Filter the entries beneath this task, copying only the lines that hold the word "grade".

◆ RECORDS SUPPLIED ◆
%%
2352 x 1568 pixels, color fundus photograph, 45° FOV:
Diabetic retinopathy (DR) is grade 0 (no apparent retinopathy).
%%
%%
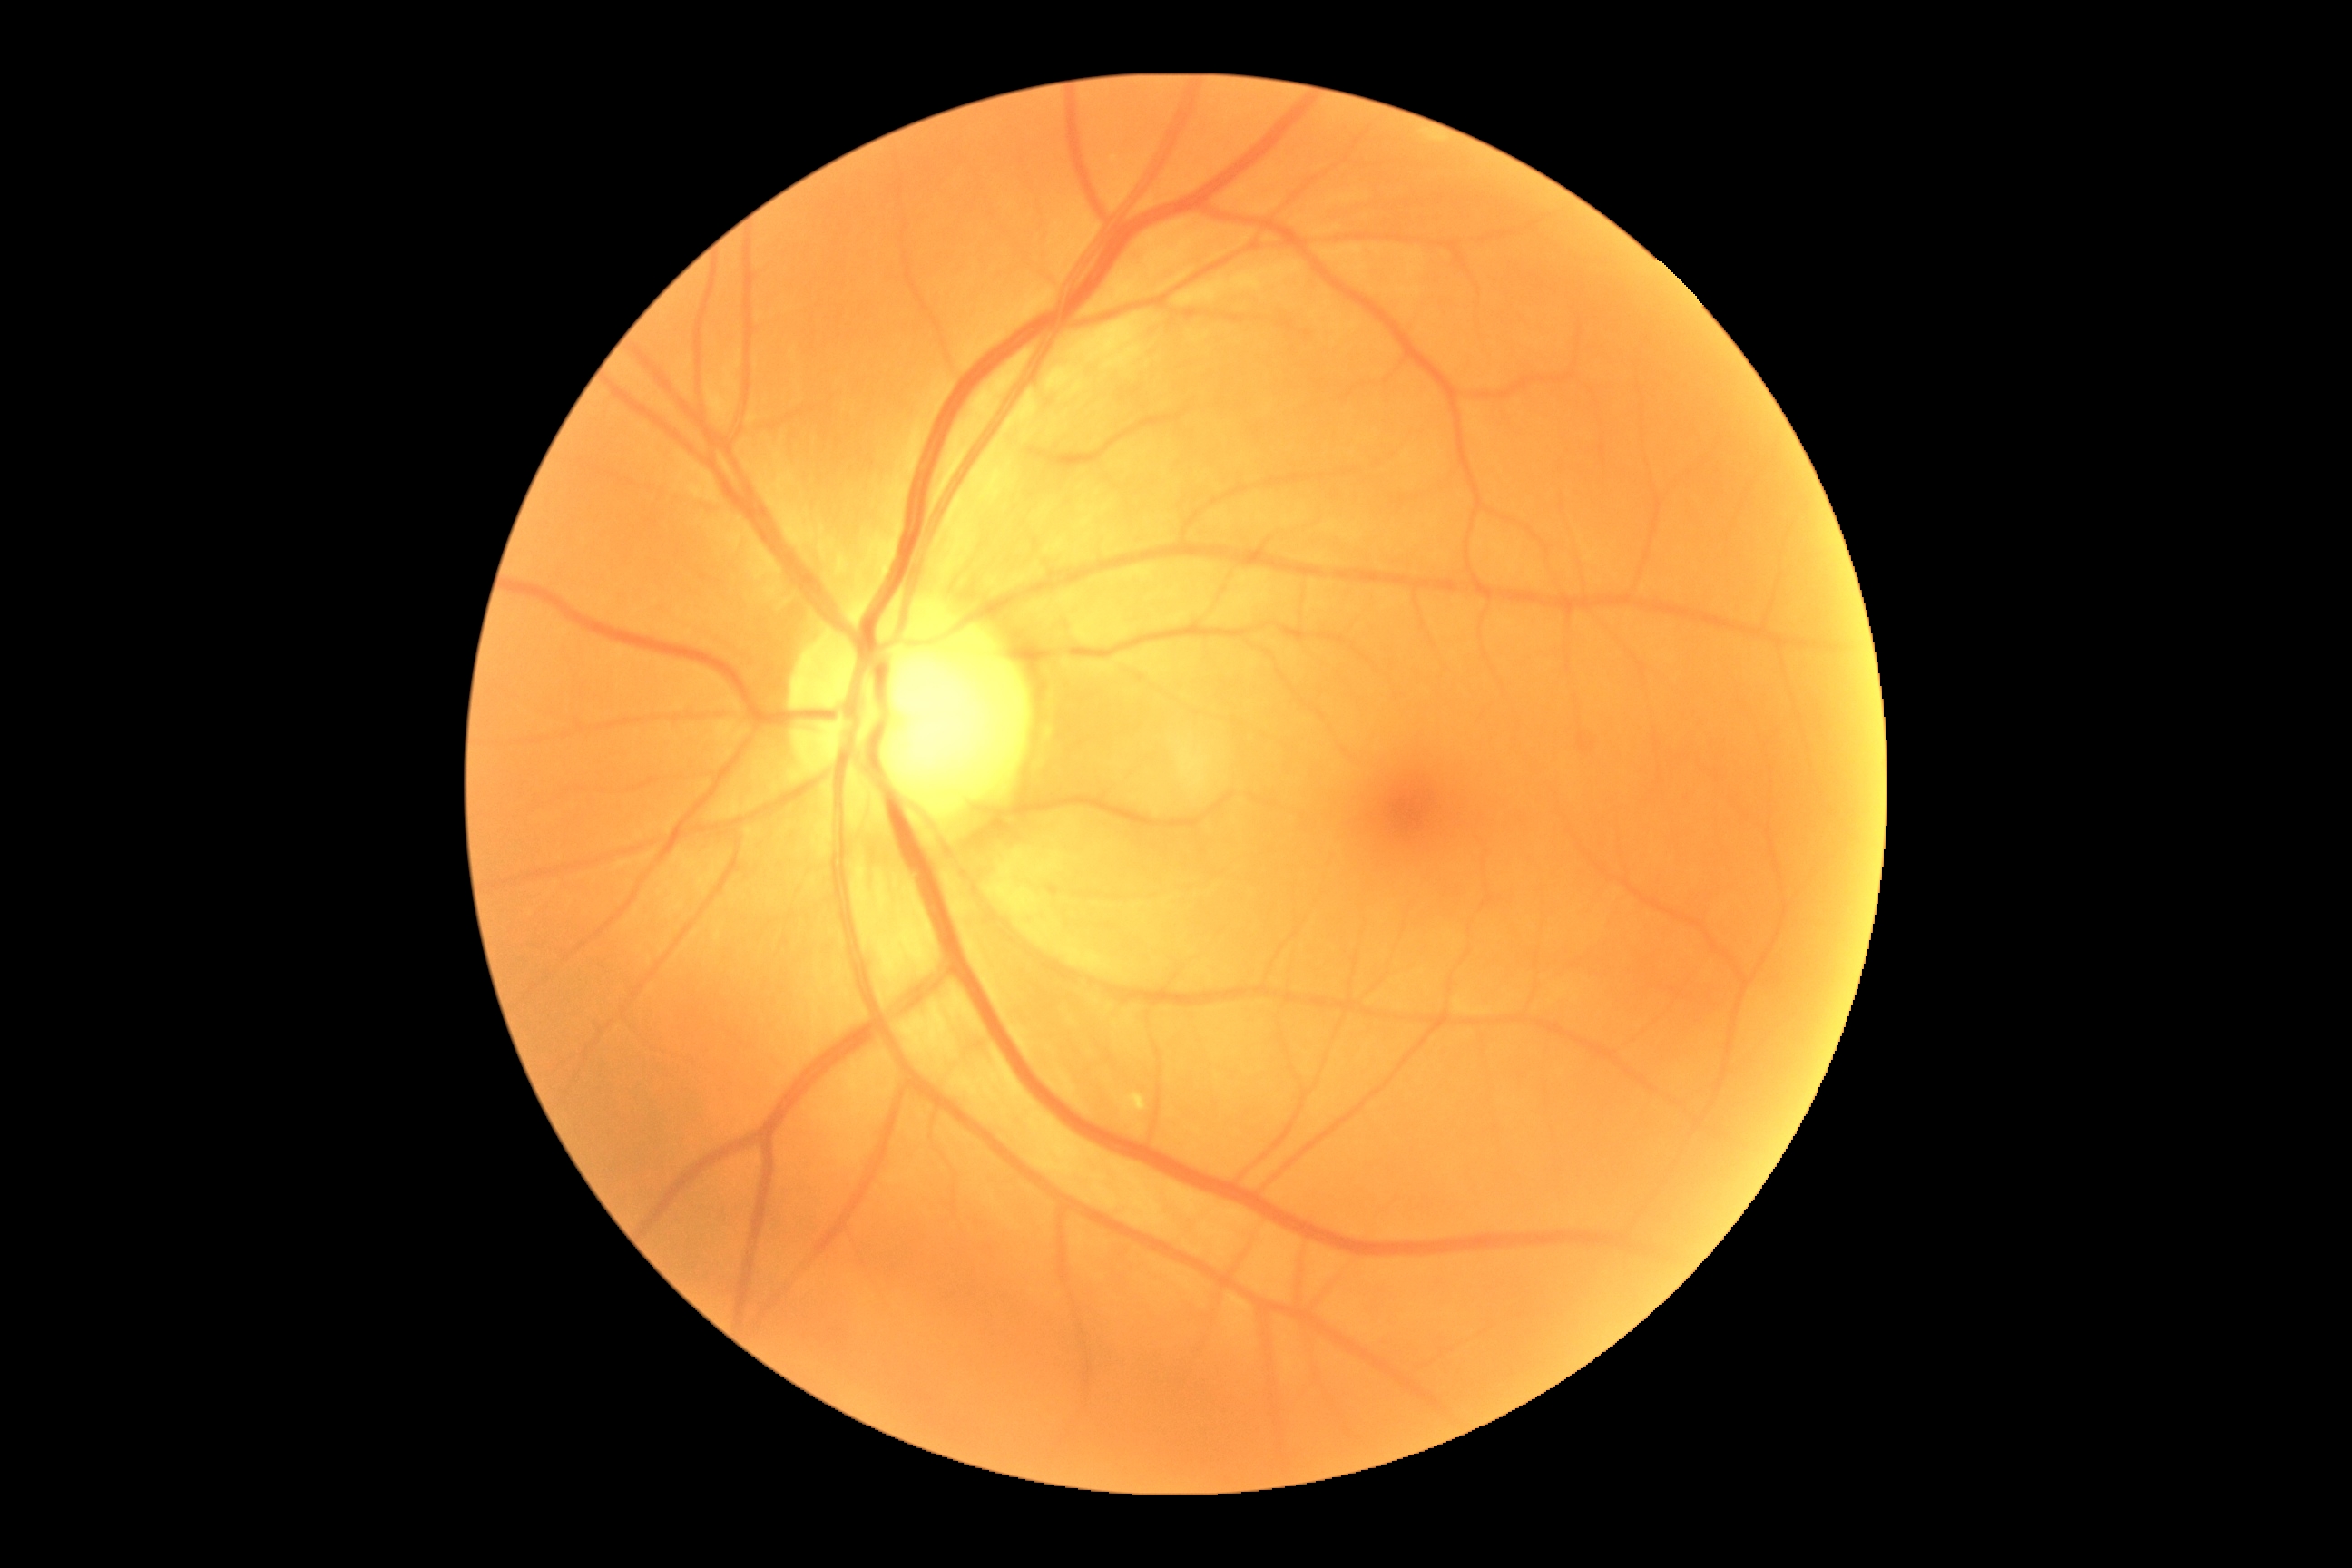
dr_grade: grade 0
%%
◆ RESPONSE AREA ◆
Diabetic retinopathy (DR) is grade 0 (no apparent retinopathy).
dr_grade: grade 0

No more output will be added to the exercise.